_RECORDS FOR PROCESSING_:
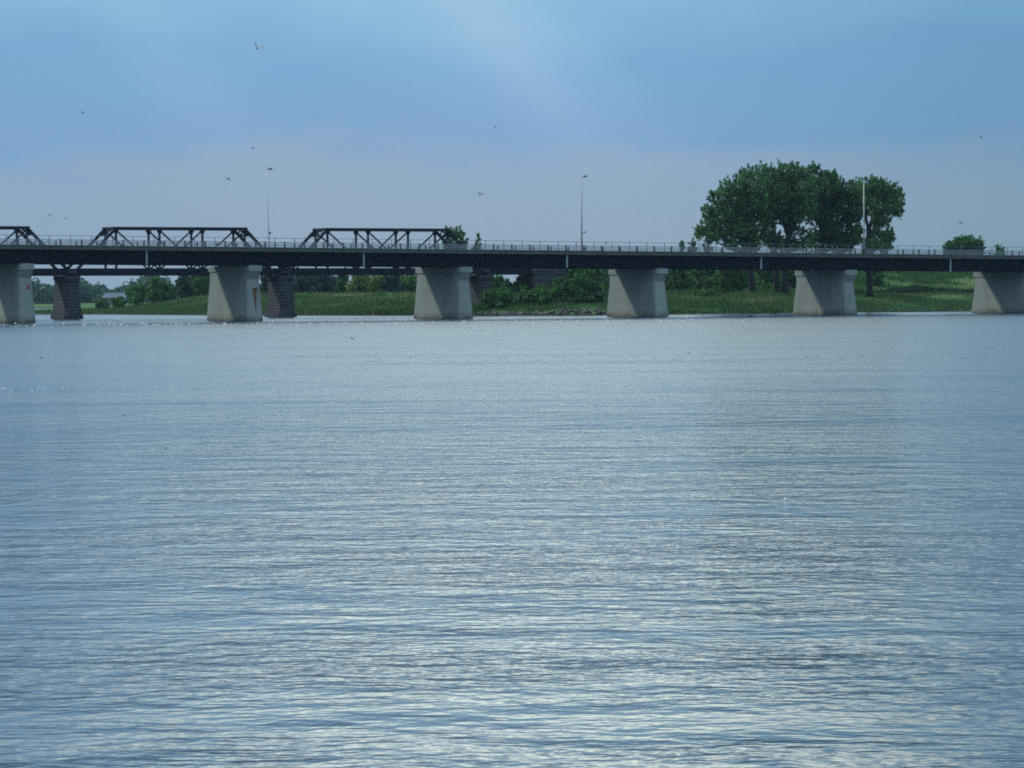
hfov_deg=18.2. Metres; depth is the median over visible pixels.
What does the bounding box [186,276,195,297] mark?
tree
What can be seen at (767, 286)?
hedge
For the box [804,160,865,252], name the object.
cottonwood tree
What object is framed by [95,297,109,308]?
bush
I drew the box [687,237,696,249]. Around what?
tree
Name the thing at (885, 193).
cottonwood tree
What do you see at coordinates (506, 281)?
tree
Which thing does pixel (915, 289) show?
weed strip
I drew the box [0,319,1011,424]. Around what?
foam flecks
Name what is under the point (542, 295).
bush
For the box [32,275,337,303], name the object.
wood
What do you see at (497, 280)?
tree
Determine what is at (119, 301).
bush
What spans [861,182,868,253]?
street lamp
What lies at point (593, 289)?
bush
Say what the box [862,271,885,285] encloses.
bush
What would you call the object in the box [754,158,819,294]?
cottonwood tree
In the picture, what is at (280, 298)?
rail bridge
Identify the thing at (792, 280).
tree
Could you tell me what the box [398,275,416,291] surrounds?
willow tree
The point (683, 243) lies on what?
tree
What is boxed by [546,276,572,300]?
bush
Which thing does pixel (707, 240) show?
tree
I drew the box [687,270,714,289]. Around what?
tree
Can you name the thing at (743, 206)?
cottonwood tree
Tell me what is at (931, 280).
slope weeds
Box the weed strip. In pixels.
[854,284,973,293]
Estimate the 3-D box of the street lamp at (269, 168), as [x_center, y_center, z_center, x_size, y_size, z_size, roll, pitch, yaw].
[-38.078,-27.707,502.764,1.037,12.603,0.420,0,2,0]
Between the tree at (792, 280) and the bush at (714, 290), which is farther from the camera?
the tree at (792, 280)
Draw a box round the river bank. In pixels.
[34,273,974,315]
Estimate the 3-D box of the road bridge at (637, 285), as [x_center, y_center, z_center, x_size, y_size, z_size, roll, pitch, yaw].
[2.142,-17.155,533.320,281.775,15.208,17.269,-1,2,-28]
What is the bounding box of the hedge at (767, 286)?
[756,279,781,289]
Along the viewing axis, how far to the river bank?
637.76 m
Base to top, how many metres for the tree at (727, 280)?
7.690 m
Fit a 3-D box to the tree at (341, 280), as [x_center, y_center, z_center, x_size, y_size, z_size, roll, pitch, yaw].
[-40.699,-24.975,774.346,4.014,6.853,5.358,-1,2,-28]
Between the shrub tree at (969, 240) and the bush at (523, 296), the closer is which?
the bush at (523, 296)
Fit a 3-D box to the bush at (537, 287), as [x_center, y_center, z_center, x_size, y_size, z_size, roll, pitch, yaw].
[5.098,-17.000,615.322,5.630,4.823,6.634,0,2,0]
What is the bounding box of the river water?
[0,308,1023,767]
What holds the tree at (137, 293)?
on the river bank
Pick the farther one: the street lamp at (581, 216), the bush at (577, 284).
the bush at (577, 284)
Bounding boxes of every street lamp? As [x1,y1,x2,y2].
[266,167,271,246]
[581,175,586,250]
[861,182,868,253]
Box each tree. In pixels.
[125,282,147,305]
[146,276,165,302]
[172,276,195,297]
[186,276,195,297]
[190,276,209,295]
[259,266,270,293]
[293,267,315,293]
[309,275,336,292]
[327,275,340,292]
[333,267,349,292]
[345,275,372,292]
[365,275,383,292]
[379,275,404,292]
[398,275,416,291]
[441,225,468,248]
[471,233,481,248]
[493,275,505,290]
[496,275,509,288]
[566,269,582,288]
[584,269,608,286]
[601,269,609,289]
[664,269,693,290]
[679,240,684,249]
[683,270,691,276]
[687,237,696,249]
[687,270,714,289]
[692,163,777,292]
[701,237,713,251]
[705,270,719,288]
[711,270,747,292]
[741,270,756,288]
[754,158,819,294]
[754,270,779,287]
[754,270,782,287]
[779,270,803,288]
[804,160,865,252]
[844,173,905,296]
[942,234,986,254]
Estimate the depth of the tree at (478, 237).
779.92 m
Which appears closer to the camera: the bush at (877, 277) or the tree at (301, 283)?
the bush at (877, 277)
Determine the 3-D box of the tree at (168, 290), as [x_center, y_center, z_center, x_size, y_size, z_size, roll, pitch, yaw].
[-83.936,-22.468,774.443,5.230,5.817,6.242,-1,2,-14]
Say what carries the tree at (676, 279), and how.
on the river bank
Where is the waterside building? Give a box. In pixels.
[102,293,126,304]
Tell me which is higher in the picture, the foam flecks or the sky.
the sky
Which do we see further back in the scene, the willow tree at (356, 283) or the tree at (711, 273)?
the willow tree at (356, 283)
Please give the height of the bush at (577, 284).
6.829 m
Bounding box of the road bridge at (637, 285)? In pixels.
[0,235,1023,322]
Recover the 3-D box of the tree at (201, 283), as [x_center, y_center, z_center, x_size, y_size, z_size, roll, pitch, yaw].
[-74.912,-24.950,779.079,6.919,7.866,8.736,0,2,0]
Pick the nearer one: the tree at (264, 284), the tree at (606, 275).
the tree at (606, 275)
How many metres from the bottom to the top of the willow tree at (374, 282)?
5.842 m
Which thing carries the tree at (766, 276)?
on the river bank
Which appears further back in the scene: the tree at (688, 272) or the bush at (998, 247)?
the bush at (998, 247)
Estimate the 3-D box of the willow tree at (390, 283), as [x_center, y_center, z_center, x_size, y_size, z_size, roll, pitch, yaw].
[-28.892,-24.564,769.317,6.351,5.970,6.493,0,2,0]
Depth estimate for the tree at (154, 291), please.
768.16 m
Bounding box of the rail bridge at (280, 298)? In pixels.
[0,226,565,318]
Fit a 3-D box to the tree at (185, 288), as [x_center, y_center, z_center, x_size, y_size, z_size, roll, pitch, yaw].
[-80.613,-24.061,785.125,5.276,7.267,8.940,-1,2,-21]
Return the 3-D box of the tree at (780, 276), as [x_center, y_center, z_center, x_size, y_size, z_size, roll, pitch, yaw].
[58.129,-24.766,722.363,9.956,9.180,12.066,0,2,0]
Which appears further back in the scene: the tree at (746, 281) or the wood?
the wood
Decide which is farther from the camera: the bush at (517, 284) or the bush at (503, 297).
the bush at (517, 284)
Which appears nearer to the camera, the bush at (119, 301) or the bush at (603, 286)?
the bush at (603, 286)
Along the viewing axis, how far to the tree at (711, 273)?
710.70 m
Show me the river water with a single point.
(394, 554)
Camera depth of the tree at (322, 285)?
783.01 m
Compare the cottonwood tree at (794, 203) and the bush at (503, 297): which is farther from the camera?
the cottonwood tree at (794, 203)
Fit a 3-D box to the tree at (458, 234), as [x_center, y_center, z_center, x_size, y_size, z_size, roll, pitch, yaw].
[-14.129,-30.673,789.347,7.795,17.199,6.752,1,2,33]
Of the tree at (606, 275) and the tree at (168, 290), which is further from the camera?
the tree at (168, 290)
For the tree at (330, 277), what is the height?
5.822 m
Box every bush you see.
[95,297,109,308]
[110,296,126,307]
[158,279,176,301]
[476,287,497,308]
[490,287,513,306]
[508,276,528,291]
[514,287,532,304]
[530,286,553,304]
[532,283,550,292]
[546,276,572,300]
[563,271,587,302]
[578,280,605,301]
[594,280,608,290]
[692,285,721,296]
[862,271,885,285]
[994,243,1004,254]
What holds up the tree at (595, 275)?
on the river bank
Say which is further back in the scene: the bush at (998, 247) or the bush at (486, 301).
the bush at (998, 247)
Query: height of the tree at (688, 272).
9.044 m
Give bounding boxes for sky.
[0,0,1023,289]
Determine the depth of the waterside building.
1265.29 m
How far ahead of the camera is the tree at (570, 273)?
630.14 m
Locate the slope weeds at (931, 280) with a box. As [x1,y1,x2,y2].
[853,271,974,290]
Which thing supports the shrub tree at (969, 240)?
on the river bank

_TASK OBJECTIVE_:
Each line above from the one with "Can you name the thing at (743, 206)?" up to and including the one with "Fit a 3-D box to the bush" must be set down exactly, and no line outside that span may appear.

_ANSWER TO THIS TASK_:
Can you name the thing at (743, 206)?
cottonwood tree
Tell me what is at (931, 280).
slope weeds
Box the weed strip. In pixels.
[854,284,973,293]
Estimate the 3-D box of the street lamp at (269, 168), as [x_center, y_center, z_center, x_size, y_size, z_size, roll, pitch, yaw].
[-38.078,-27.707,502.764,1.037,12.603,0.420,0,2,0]
Between the tree at (792, 280) and the bush at (714, 290), which is farther from the camera?
the tree at (792, 280)
Draw a box round the river bank. In pixels.
[34,273,974,315]
Estimate the 3-D box of the road bridge at (637, 285), as [x_center, y_center, z_center, x_size, y_size, z_size, roll, pitch, yaw].
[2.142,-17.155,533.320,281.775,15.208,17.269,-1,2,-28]
What is the bounding box of the hedge at (767, 286)?
[756,279,781,289]
Along the viewing axis, how far to the river bank?
637.76 m
Base to top, how many metres for the tree at (727, 280)?
7.690 m
Fit a 3-D box to the tree at (341, 280), as [x_center, y_center, z_center, x_size, y_size, z_size, roll, pitch, yaw].
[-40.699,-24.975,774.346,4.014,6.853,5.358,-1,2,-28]
Between the shrub tree at (969, 240) and the bush at (523, 296), the closer is which?
the bush at (523, 296)
Fit a 3-D box to the bush at (537, 287), as [x_center, y_center, z_center, x_size, y_size, z_size, roll, pitch, yaw].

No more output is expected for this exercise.